SEC Challenges FTX’s Repayment Strategy
The U.S. Securities and Exchange Commission (SEC) is poised to contest FTX’s strategy to reimburse users with stablecoins. In a recent filing, the SEC reinforced its jurisdiction to “challenge transactions involving crypto assets,” including those stablecoins that are tied to the U.S. dollar. This development could complicate the already intricate process for the bankrupt crypto exchange as it seeks to return funds to its creditors. Earlier this year, FTX announced a proposal to repay up to $16.3 billion to users who have been unable to access their funds following the platform’s downfall in November 2022. While many creditors would prefer to receive payments in the form of cryptocurrencies—which have seen a 122% increase in value since the collapse—FTX’s liquidation strategy focuses on settling claims either in cash or stablecoins, based on the dollar value of assets at the time of bankruptcy. As of now, no specific stablecoin has been chosen for the repayment process.
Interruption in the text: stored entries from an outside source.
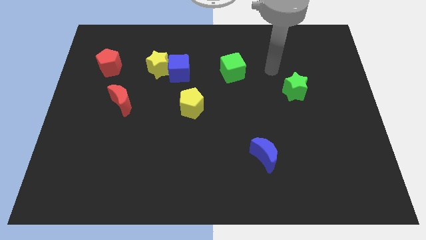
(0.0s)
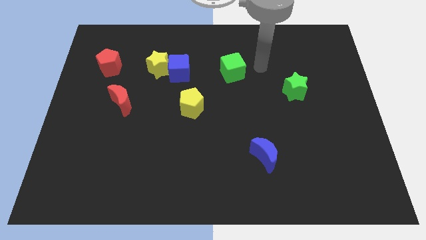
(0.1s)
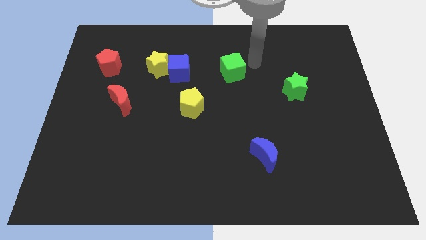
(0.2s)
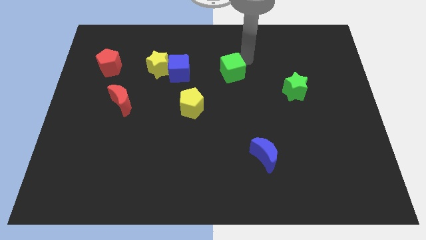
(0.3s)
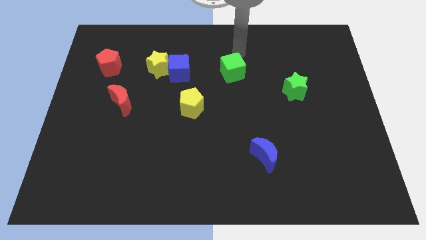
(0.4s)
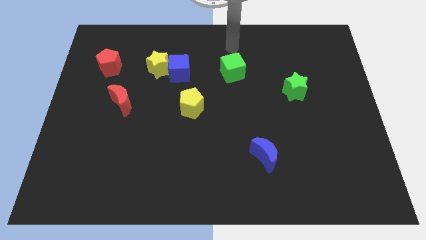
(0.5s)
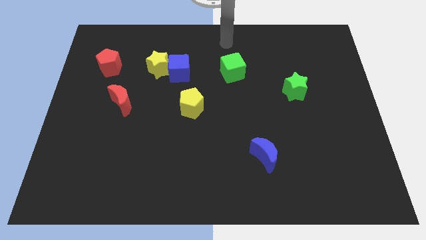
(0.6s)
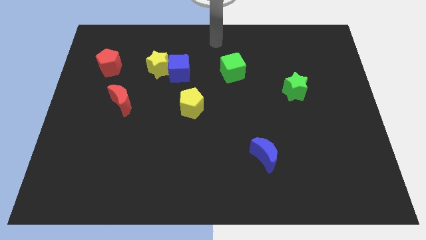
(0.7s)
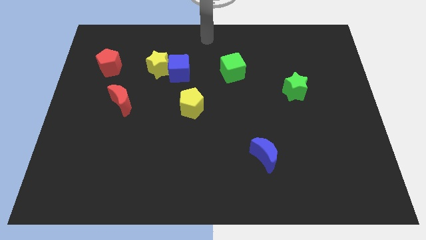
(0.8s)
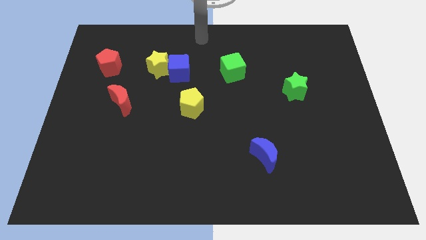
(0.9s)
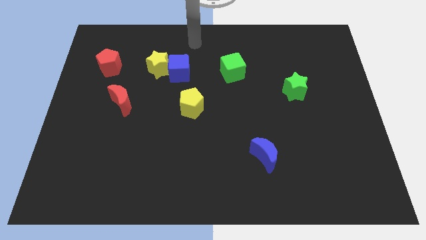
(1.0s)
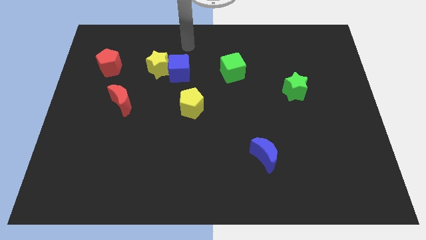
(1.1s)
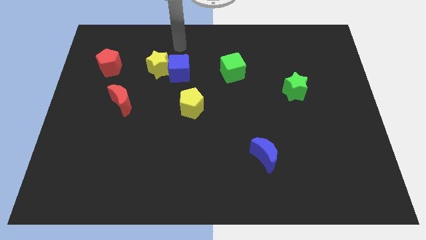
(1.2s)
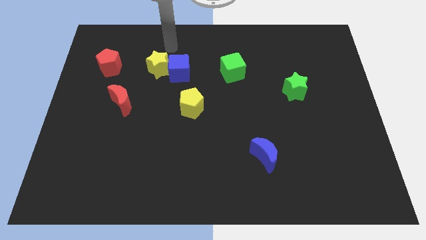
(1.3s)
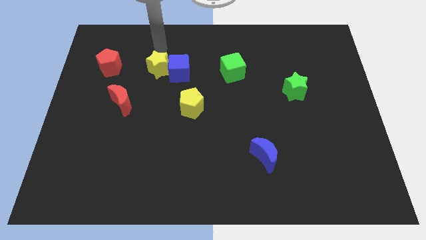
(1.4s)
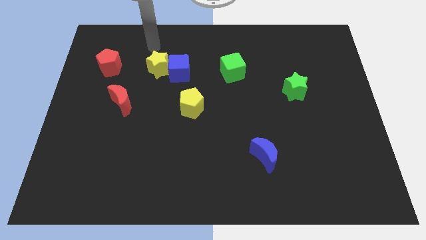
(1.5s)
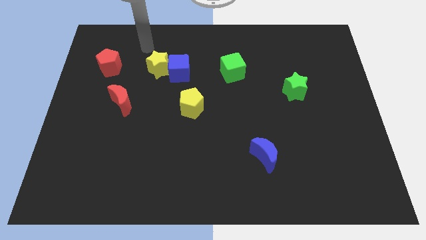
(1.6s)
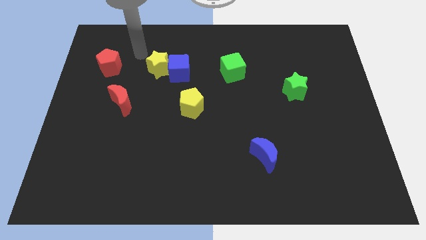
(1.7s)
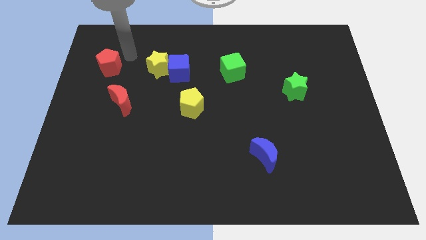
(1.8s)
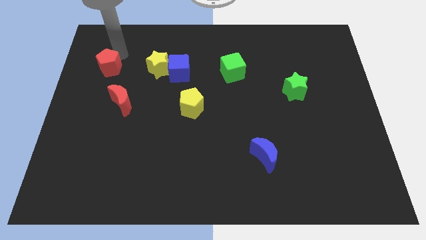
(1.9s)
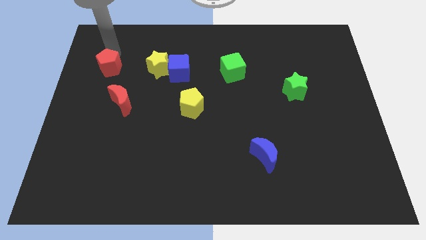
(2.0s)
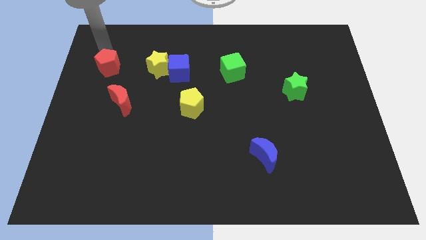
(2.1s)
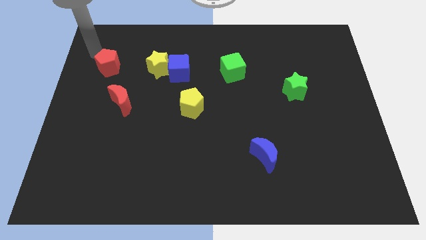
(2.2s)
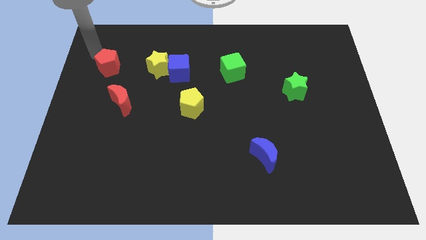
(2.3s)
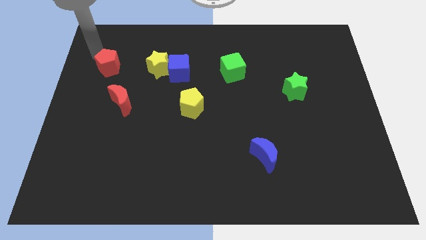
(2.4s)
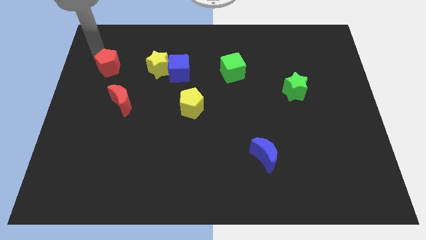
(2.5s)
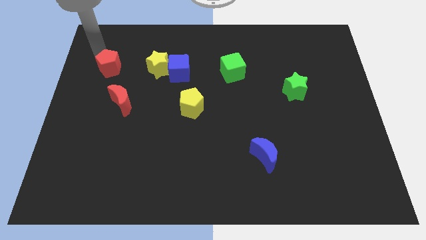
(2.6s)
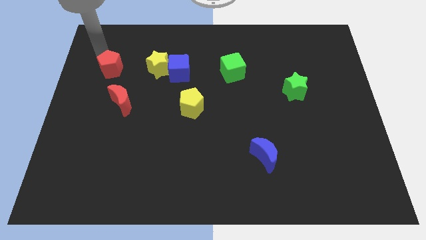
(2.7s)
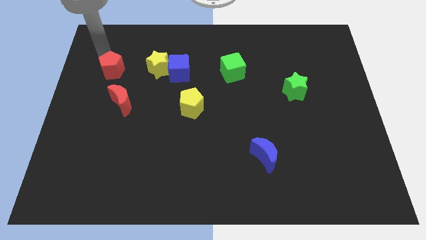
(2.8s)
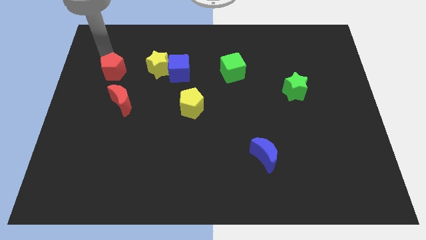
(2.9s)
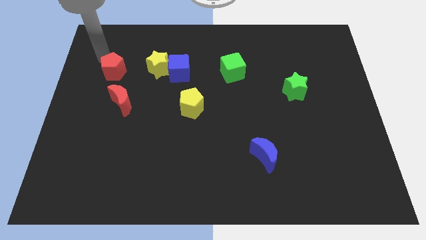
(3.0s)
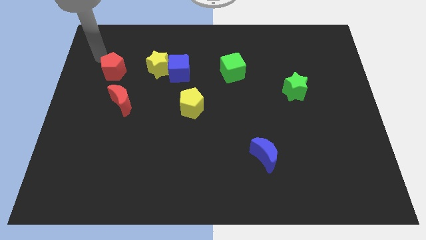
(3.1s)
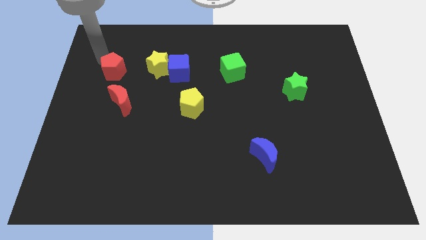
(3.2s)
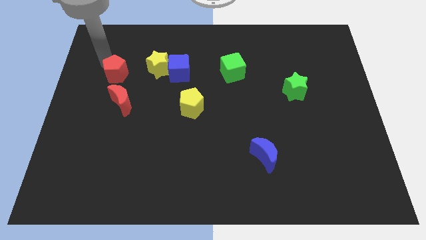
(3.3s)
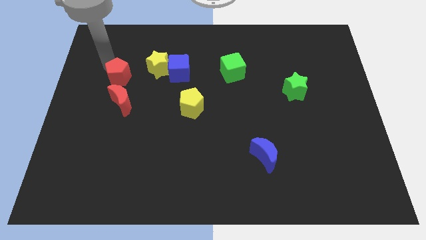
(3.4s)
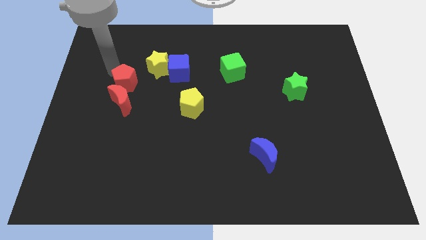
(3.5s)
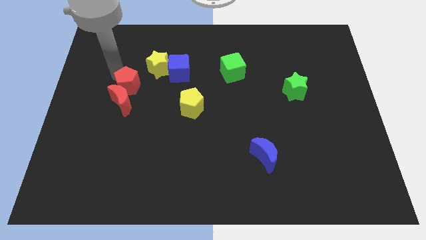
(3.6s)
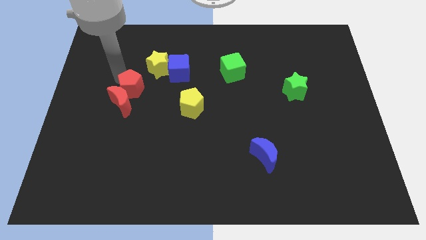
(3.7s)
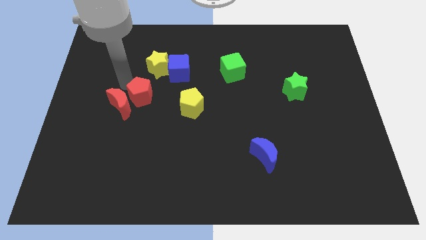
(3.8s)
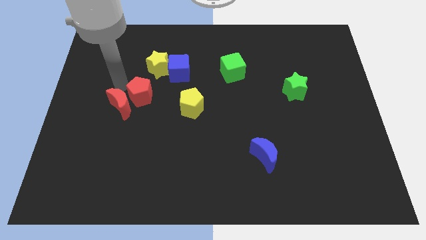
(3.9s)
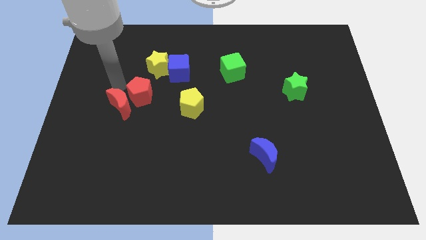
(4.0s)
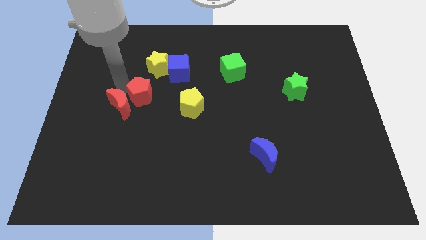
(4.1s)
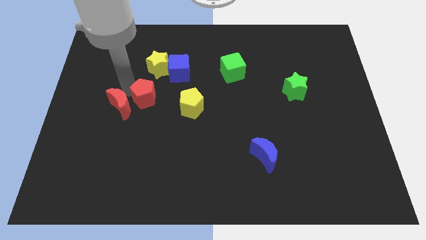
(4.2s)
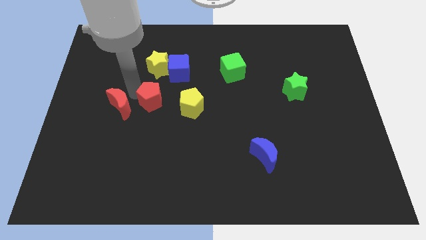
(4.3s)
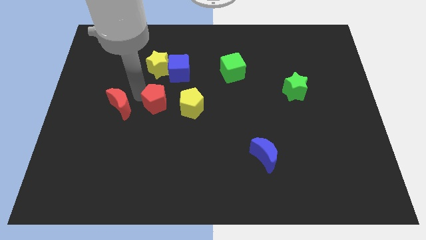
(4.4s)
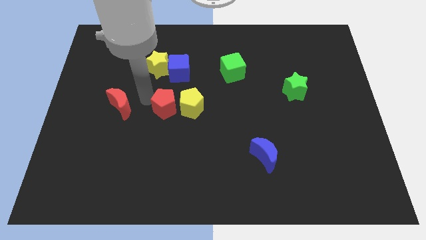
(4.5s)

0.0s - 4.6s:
put the red pentagon next to the yellow pentagon

Market Dynamics of Stablecoins
The two largest stablecoins by market capitalization are Tether (USDT) and USD Coin (USDC), valued at $118 billion and $35 billion, respectively. However, both have been embroiled in controversy. Tether has yet to release audited financial statements from certified public accountants, raising concerns about its transparency. In contrast, although Circle, the issuer of USDC, is regarded as more transparent and amicable towards regulators, it encountered a significant challenge with a $3.3 billion exposure when its deposits at Silicon Valley Bank became temporarily inaccessible during the bank’s collapse in March 2023. Fortunately, all uninsured assets were eventually secured, preventing losses to Circle’s reserves. Despite numerous attempts to introduce stablecoin legislation in Congress, none have succeeded, leaving a cloud of regulatory uncertainty that could hinder payouts or affect the processing methods.
SEC’s Position and Concerns
In its filing dated August 30, the SEC clarified that it is not making a judgment regarding the legality of the transactions detailed in FTX’s plan and retains the right to contest transactions related to crypto assets. This position aligns with an earlier filing from June, where the SEC expressed objections to a provision in the plan aimed at shielding the exchange from future legal liabilities. Additionally, the SEC highlighted that FTX has not yet appointed a “distribution agent”—the entity responsible for managing payouts. FTX has not provided a comment to inquiries regarding this matter.
Industry Reactions to SEC’s Stance
Industry insiders have voiced their dissatisfaction with the SEC’s approach. Alex Thorn, head of research at Galaxy Digital—an investment manager for FTX since September 2023—shared his frustration on social media, asserting that the SEC is not providing a substantial argument and seems unwilling to relent. He criticized the SEC for using threats instead of offering clarity to the market. Similarly, Paul Grewal, the chief legal officer at Coinbase, echoed these sentiments, stating that investors and consumers deserve a better regulatory environment. While Coinbase has acted as a distribution agent in other notable crypto bankruptcies such as Celsius and BlockFi, it has not disclosed whether it has been approached by FTX for a similar role.
Comparisons to Past Bankruptcy Cases
The SEC’s actions resemble its involvement in the bankruptcy case of Voyager Digital, a crypto brokerage that sought Chapter 11 protection in New York in July 2022. In that instance, Judge Michael Wiles criticized the SEC for its initial reluctance to publicly clarify its position. When compelled to address the issue, the SEC suggested that Voyager’s VGX token had characteristics of a security, although it stopped short of making a definitive ruling. Voyager had proposed to reimburse customers using the same cryptocurrencies they held in their accounts, utilizing USDC for unsupported assets or the VGX token. Wiles condemned the SEC’s ambiguous objections, stating that he could not indefinitely delay the case while regulators figured out whether there were any actual problems with the proposed transactions.
Political Implications and Future Expectations
The heightened scrutiny of the SEC’s position in this case may be influenced by political factors, as suggested by Kyle, a bankruptcy expert and advocate for FTX creditors. He speculated that increased media attention might stem from a potential political shift regarding crypto, as hinted by announcements from Kamala Harris’s campaign. FTX creditor Sunil Kavuri remains optimistic, hoping that Judge Dorsey will align with the Voyager judge’s perspective. Key upcoming milestones in this case include the expected release of an independent examiner’s report by the end of the month and a confirmation hearing for the plan scheduled for October 7.